Material provided
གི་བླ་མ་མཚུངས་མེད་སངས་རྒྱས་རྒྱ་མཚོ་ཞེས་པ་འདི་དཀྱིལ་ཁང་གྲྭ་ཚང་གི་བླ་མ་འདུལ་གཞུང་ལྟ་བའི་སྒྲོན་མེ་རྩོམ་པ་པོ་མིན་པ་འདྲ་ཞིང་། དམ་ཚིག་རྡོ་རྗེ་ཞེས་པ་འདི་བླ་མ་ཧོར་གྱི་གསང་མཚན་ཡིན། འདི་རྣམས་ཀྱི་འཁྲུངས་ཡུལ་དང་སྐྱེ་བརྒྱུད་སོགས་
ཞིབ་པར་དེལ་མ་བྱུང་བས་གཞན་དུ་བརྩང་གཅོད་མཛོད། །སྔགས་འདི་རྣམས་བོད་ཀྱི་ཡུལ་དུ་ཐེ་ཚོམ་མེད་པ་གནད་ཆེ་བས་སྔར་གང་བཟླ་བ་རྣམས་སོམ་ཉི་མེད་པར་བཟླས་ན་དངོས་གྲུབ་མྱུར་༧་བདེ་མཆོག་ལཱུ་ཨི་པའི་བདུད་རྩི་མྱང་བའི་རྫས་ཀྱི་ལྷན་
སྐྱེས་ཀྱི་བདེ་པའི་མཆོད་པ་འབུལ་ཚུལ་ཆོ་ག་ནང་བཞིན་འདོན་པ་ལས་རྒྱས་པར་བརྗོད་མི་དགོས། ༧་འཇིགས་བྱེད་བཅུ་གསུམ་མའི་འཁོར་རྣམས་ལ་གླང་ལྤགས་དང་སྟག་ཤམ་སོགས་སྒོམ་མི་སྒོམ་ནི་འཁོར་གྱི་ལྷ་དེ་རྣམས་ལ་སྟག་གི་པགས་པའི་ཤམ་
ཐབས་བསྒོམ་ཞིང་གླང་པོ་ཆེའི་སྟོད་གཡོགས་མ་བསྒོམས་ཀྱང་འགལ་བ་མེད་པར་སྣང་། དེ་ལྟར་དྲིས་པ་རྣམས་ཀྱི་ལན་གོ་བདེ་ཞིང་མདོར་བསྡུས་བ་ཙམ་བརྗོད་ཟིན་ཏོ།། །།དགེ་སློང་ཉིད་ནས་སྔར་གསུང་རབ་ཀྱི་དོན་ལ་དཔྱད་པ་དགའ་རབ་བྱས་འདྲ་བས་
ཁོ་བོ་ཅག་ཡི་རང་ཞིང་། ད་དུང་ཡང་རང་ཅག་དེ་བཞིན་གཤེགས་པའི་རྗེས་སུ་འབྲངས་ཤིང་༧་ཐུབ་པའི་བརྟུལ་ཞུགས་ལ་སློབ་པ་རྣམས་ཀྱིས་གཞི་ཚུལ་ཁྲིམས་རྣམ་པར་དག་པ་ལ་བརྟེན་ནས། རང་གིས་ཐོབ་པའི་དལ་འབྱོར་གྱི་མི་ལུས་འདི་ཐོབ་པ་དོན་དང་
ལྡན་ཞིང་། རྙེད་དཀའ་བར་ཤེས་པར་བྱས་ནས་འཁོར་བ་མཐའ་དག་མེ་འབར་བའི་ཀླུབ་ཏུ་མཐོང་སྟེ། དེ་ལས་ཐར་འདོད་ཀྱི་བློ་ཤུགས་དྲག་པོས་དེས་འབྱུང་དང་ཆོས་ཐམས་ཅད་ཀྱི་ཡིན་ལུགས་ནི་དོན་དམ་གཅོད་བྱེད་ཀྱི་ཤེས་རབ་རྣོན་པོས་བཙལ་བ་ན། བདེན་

--

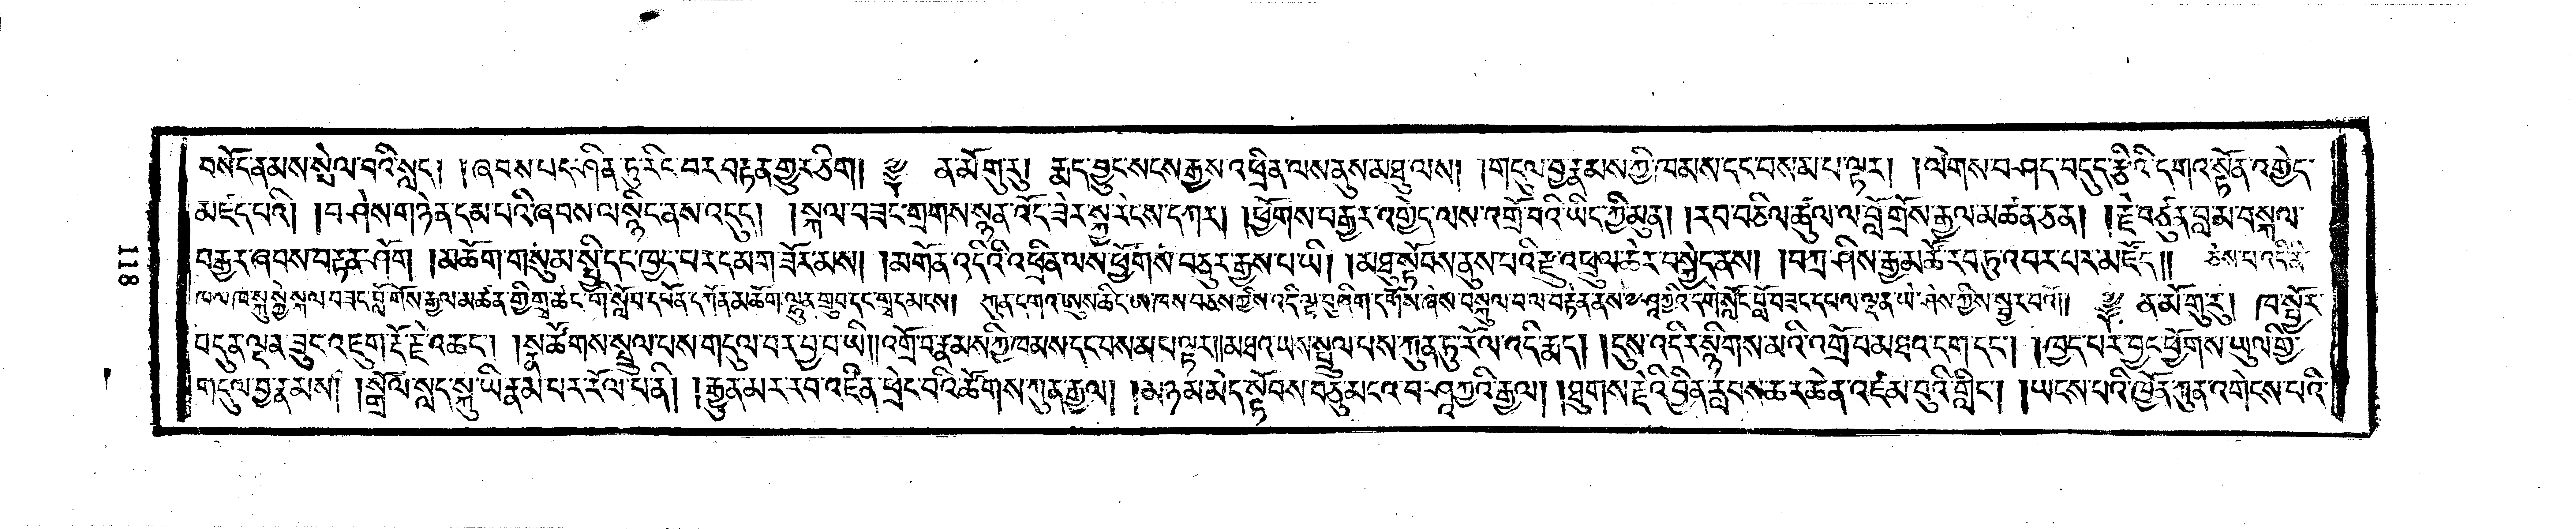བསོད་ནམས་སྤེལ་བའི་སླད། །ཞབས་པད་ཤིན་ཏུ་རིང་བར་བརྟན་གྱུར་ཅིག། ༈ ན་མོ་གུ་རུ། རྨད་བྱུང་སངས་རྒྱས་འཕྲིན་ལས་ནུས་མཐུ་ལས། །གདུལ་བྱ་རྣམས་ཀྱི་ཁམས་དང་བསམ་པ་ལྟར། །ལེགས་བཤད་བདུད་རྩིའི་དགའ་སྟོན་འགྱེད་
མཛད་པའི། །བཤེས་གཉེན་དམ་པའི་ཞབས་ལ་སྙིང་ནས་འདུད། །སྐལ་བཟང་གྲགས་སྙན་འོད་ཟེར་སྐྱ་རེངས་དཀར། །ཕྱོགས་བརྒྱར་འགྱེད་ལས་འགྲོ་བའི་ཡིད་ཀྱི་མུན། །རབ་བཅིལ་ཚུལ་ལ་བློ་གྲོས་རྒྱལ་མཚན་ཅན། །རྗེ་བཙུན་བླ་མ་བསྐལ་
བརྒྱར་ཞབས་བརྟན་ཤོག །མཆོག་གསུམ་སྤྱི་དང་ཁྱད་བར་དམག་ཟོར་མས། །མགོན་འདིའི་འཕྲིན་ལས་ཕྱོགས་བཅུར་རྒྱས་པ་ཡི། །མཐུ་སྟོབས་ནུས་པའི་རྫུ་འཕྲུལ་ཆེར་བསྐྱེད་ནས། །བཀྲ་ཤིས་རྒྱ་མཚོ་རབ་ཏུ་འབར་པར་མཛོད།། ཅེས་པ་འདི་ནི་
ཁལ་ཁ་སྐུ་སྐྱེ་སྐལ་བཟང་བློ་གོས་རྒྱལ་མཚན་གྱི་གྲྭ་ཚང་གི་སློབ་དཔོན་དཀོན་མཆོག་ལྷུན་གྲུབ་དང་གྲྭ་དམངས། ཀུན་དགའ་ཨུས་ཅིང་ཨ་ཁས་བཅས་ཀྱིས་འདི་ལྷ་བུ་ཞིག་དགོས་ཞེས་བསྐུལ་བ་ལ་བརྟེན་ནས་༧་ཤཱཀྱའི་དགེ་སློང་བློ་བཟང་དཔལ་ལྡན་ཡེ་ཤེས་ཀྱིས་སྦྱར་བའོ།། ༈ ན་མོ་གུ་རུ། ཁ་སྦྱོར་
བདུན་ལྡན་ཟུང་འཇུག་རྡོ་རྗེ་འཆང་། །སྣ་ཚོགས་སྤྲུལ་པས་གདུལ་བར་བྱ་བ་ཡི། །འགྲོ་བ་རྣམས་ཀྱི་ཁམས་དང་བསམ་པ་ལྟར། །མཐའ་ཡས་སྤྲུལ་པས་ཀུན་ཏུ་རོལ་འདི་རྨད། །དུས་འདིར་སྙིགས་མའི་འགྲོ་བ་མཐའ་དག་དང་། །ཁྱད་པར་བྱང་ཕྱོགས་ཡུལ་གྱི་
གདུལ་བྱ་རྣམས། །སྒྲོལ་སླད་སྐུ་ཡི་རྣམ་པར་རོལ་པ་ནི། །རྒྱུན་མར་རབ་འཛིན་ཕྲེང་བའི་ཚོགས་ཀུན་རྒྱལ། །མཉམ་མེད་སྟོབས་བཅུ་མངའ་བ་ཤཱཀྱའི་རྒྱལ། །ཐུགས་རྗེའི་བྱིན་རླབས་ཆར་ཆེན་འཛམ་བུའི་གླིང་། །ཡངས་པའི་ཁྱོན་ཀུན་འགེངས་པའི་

...

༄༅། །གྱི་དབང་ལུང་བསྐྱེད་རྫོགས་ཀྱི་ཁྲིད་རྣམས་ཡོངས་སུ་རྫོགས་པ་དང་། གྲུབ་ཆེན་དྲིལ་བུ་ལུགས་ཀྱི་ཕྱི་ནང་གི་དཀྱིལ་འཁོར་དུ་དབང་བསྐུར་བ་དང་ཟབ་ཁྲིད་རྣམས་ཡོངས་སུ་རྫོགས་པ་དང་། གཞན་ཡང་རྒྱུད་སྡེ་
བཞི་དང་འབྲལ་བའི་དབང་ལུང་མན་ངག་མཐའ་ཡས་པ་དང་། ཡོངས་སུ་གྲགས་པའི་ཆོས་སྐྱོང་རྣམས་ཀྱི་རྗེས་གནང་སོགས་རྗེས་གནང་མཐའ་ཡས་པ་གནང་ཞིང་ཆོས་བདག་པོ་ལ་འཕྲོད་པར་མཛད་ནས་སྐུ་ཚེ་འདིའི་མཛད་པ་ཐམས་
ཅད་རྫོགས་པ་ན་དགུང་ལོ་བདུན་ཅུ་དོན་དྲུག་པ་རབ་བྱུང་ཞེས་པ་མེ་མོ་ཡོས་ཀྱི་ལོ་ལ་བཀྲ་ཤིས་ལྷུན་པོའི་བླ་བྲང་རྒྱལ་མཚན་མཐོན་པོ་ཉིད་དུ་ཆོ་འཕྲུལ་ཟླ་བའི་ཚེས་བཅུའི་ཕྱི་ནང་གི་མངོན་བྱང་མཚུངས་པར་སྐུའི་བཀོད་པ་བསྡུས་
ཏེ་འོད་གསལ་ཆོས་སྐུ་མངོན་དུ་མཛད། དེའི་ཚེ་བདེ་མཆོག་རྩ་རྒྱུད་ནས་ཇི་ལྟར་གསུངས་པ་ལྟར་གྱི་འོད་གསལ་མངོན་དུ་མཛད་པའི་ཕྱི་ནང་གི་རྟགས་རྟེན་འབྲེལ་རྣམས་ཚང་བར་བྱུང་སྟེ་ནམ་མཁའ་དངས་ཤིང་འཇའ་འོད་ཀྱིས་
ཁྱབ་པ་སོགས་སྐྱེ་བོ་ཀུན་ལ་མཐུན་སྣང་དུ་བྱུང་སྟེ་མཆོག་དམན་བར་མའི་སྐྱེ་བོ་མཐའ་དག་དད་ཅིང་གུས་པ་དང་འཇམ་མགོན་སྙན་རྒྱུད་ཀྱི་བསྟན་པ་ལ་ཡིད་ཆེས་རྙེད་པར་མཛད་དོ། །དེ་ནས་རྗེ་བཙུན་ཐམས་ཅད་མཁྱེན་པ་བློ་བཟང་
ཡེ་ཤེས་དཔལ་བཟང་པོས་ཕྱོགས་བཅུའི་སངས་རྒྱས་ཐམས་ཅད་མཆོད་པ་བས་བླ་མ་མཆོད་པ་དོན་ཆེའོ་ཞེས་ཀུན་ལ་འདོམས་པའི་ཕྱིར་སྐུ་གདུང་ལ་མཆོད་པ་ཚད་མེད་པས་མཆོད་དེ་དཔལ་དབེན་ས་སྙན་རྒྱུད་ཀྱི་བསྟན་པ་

Work task
Return the span of lines in the data above that opens at the line with "ཁྱབ་པ་སོགས་སྐྱ" and closes at the line with "ཡེ་ཤེས་དཔལ་བཟང", exactly, ends included, nothing else.

Answer box
ཁྱབ་པ་སོགས་སྐྱེ་བོ་ཀུན་ལ་མཐུན་སྣང་དུ་བྱུང་སྟེ་མཆོག་དམན་བར་མའི་སྐྱེ་བོ་མཐའ་དག་དད་ཅིང་གུས་པ་དང་འཇམ་མགོན་སྙན་རྒྱུད་ཀྱི་བསྟན་པ་ལ་ཡིད་ཆེས་རྙེད་པར་མཛད་དོ། །དེ་ནས་རྗེ་བཙུན་ཐམས་ཅད་མཁྱེན་པ་བློ་བཟང་
ཡེ་ཤེས་དཔལ་བཟང་པོས་ཕྱོགས་བཅུའི་སངས་རྒྱས་ཐམས་ཅད་མཆོད་པ་བས་བླ་མ་མཆོད་པ་དོན་ཆེའོ་ཞེས་ཀུན་ལ་འདོམས་པའི་ཕྱིར་སྐུ་གདུང་ལ་མཆོད་པ་ཚད་མེད་པས་མཆོད་དེ་དཔལ་དབེན་ས་སྙན་རྒྱུད་ཀྱི་བསྟན་པ་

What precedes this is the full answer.